* _DATASET EXCERPTS_:
=====
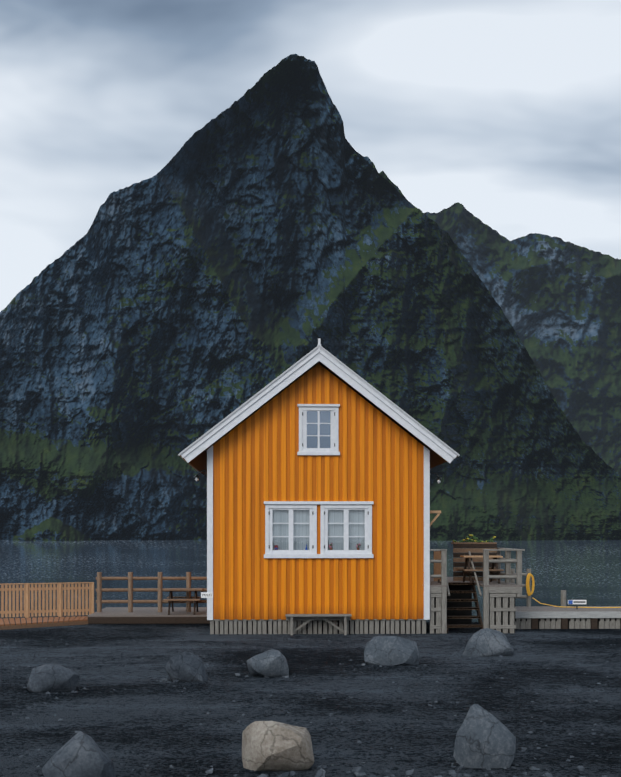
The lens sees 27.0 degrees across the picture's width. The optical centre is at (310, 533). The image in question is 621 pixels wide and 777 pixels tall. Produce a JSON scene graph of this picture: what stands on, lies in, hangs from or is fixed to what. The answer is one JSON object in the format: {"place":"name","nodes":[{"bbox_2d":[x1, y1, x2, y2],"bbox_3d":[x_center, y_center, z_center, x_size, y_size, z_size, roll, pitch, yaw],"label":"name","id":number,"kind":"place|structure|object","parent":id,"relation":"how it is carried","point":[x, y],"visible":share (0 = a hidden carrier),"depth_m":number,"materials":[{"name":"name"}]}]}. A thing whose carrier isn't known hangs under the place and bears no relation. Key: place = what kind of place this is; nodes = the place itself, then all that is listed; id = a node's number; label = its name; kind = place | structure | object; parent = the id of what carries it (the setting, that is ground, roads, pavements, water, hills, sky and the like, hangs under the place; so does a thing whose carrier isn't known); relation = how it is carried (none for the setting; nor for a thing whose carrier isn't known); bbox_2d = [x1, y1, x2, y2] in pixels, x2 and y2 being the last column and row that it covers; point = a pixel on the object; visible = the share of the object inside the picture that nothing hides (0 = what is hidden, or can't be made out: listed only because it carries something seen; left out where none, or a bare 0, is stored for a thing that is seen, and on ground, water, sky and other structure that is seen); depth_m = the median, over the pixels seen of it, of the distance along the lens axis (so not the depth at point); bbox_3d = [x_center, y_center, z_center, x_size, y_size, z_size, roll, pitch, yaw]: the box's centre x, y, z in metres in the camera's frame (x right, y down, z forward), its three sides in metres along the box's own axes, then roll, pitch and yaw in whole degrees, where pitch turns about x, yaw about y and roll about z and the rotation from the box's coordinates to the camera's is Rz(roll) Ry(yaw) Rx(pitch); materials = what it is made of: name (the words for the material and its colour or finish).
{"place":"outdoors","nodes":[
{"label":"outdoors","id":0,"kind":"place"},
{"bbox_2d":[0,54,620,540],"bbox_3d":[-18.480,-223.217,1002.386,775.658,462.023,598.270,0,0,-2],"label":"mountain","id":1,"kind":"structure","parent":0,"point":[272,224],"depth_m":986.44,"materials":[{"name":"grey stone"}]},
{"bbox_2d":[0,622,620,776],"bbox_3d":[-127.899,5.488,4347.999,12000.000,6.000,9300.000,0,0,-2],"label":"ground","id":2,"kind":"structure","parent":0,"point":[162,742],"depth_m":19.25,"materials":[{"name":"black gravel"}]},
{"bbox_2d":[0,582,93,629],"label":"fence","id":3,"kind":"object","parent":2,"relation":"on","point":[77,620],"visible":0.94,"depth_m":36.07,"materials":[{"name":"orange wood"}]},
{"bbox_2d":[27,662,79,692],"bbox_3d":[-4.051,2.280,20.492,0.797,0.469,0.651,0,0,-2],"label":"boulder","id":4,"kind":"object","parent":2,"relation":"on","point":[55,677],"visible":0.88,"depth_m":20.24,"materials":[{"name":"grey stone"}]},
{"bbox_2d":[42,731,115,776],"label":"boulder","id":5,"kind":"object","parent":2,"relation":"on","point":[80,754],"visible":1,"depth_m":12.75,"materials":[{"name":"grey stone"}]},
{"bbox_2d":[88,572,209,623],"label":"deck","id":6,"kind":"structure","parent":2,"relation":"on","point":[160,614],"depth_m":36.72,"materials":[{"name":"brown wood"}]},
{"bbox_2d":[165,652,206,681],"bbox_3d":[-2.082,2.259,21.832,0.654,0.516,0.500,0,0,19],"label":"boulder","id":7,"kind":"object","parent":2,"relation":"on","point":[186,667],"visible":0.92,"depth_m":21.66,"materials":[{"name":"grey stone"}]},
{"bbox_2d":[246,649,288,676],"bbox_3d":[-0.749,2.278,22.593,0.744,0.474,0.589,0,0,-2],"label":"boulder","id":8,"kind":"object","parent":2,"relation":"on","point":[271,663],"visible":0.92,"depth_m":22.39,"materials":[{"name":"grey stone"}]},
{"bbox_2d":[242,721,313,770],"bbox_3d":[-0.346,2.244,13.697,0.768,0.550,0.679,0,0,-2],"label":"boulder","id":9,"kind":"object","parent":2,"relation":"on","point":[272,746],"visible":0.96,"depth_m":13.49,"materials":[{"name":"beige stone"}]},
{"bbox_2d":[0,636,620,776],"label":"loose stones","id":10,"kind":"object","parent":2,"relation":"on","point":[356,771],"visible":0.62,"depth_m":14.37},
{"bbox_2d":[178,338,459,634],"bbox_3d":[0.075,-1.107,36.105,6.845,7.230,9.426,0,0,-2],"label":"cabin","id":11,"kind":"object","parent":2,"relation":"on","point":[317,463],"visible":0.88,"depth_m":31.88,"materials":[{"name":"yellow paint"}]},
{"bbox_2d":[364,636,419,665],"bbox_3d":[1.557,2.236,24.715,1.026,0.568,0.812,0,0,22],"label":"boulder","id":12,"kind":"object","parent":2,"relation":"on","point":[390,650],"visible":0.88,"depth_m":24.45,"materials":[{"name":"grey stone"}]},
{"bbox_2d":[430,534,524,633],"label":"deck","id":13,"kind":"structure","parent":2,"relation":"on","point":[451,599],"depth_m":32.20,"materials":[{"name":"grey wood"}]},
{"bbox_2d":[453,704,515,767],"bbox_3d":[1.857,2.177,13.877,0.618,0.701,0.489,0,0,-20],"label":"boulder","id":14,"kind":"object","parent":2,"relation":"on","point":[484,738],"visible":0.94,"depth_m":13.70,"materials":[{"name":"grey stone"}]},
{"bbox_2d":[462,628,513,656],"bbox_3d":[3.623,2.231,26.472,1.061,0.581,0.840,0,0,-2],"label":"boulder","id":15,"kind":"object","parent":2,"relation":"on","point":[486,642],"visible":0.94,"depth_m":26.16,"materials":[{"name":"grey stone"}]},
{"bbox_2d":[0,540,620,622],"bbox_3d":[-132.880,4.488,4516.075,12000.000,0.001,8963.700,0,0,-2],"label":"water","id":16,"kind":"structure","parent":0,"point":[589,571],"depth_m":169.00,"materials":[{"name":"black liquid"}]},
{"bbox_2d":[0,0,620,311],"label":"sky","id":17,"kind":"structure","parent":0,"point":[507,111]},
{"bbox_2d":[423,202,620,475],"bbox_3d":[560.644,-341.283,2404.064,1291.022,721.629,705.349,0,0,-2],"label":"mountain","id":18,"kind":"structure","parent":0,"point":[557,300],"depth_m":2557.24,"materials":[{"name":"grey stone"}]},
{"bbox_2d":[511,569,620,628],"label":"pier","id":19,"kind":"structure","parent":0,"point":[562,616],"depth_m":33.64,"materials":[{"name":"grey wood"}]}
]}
=====
* _TASK GOAL_:
Omit each image and transcribe the remaining records word for word.

* _EXERCISE RESPONSE_:
The lens sees 27.0 degrees across the picture's width. The optical centre is at (310, 533). The image in question is 621 pixels wide and 777 pixels tall. Produce a JSON scene graph of this picture: what stands on, lies in, hangs from or is fixed to what. The answer is one JSON object in the format: {"place":"name","nodes":[{"bbox_2d":[x1, y1, x2, y2],"bbox_3d":[x_center, y_center, z_center, x_size, y_size, z_size, roll, pitch, yaw],"label":"name","id":number,"kind":"place|structure|object","parent":id,"relation":"how it is carried","point":[x, y],"visible":share (0 = a hidden carrier),"depth_m":number,"materials":[{"name":"name"}]}]}. A thing whose carrier isn't known hangs under the place and bears no relation. Key: place = what kind of place this is; nodes = the place itself, then all that is listed; id = a node's number; label = its name; kind = place | structure | object; parent = the id of what carries it (the setting, that is ground, roads, pavements, water, hills, sky and the like, hangs under the place; so does a thing whose carrier isn't known); relation = how it is carried (none for the setting; nor for a thing whose carrier isn't known); bbox_2d = [x1, y1, x2, y2] in pixels, x2 and y2 being the last column and row that it covers; point = a pixel on the object; visible = the share of the object inside the picture that nothing hides (0 = what is hidden, or can't be made out: listed only because it carries something seen; left out where none, or a bare 0, is stored for a thing that is seen, and on ground, water, sky and other structure that is seen); depth_m = the median, over the pixels seen of it, of the distance along the lens axis (so not the depth at point); bbox_3d = [x_center, y_center, z_center, x_size, y_size, z_size, roll, pitch, yaw]: the box's centre x, y, z in metres in the camera's frame (x right, y down, z forward), its three sides in metres along the box's own axes, then roll, pitch and yaw in whole degrees, where pitch turns about x, yaw about y and roll about z and the rotation from the box's coordinates to the camera's is Rz(roll) Ry(yaw) Rx(pitch); materials = what it is made of: name (the words for the material and its colour or finish).
{"place":"outdoors","nodes":[
{"label":"outdoors","id":0,"kind":"place"},
{"bbox_2d":[0,54,620,540],"bbox_3d":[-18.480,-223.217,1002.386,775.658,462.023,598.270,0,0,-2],"label":"mountain","id":1,"kind":"structure","parent":0,"point":[272,224],"depth_m":986.44,"materials":[{"name":"grey stone"}]},
{"bbox_2d":[0,622,620,776],"bbox_3d":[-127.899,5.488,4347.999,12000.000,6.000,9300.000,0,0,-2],"label":"ground","id":2,"kind":"structure","parent":0,"point":[162,742],"depth_m":19.25,"materials":[{"name":"black gravel"}]},
{"bbox_2d":[0,582,93,629],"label":"fence","id":3,"kind":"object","parent":2,"relation":"on","point":[77,620],"visible":0.94,"depth_m":36.07,"materials":[{"name":"orange wood"}]},
{"bbox_2d":[27,662,79,692],"bbox_3d":[-4.051,2.280,20.492,0.797,0.469,0.651,0,0,-2],"label":"boulder","id":4,"kind":"object","parent":2,"relation":"on","point":[55,677],"visible":0.88,"depth_m":20.24,"materials":[{"name":"grey stone"}]},
{"bbox_2d":[42,731,115,776],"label":"boulder","id":5,"kind":"object","parent":2,"relation":"on","point":[80,754],"visible":1,"depth_m":12.75,"materials":[{"name":"grey stone"}]},
{"bbox_2d":[88,572,209,623],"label":"deck","id":6,"kind":"structure","parent":2,"relation":"on","point":[160,614],"depth_m":36.72,"materials":[{"name":"brown wood"}]},
{"bbox_2d":[165,652,206,681],"bbox_3d":[-2.082,2.259,21.832,0.654,0.516,0.500,0,0,19],"label":"boulder","id":7,"kind":"object","parent":2,"relation":"on","point":[186,667],"visible":0.92,"depth_m":21.66,"materials":[{"name":"grey stone"}]},
{"bbox_2d":[246,649,288,676],"bbox_3d":[-0.749,2.278,22.593,0.744,0.474,0.589,0,0,-2],"label":"boulder","id":8,"kind":"object","parent":2,"relation":"on","point":[271,663],"visible":0.92,"depth_m":22.39,"materials":[{"name":"grey stone"}]},
{"bbox_2d":[242,721,313,770],"bbox_3d":[-0.346,2.244,13.697,0.768,0.550,0.679,0,0,-2],"label":"boulder","id":9,"kind":"object","parent":2,"relation":"on","point":[272,746],"visible":0.96,"depth_m":13.49,"materials":[{"name":"beige stone"}]},
{"bbox_2d":[0,636,620,776],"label":"loose stones","id":10,"kind":"object","parent":2,"relation":"on","point":[356,771],"visible":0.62,"depth_m":14.37},
{"bbox_2d":[178,338,459,634],"bbox_3d":[0.075,-1.107,36.105,6.845,7.230,9.426,0,0,-2],"label":"cabin","id":11,"kind":"object","parent":2,"relation":"on","point":[317,463],"visible":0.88,"depth_m":31.88,"materials":[{"name":"yellow paint"}]},
{"bbox_2d":[364,636,419,665],"bbox_3d":[1.557,2.236,24.715,1.026,0.568,0.812,0,0,22],"label":"boulder","id":12,"kind":"object","parent":2,"relation":"on","point":[390,650],"visible":0.88,"depth_m":24.45,"materials":[{"name":"grey stone"}]},
{"bbox_2d":[430,534,524,633],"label":"deck","id":13,"kind":"structure","parent":2,"relation":"on","point":[451,599],"depth_m":32.20,"materials":[{"name":"grey wood"}]},
{"bbox_2d":[453,704,515,767],"bbox_3d":[1.857,2.177,13.877,0.618,0.701,0.489,0,0,-20],"label":"boulder","id":14,"kind":"object","parent":2,"relation":"on","point":[484,738],"visible":0.94,"depth_m":13.70,"materials":[{"name":"grey stone"}]},
{"bbox_2d":[462,628,513,656],"bbox_3d":[3.623,2.231,26.472,1.061,0.581,0.840,0,0,-2],"label":"boulder","id":15,"kind":"object","parent":2,"relation":"on","point":[486,642],"visible":0.94,"depth_m":26.16,"materials":[{"name":"grey stone"}]},
{"bbox_2d":[0,540,620,622],"bbox_3d":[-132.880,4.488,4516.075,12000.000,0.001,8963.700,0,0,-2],"label":"water","id":16,"kind":"structure","parent":0,"point":[589,571],"depth_m":169.00,"materials":[{"name":"black liquid"}]},
{"bbox_2d":[0,0,620,311],"label":"sky","id":17,"kind":"structure","parent":0,"point":[507,111]},
{"bbox_2d":[423,202,620,475],"bbox_3d":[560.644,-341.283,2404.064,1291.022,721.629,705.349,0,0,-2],"label":"mountain","id":18,"kind":"structure","parent":0,"point":[557,300],"depth_m":2557.24,"materials":[{"name":"grey stone"}]},
{"bbox_2d":[511,569,620,628],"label":"pier","id":19,"kind":"structure","parent":0,"point":[562,616],"depth_m":33.64,"materials":[{"name":"grey wood"}]}
]}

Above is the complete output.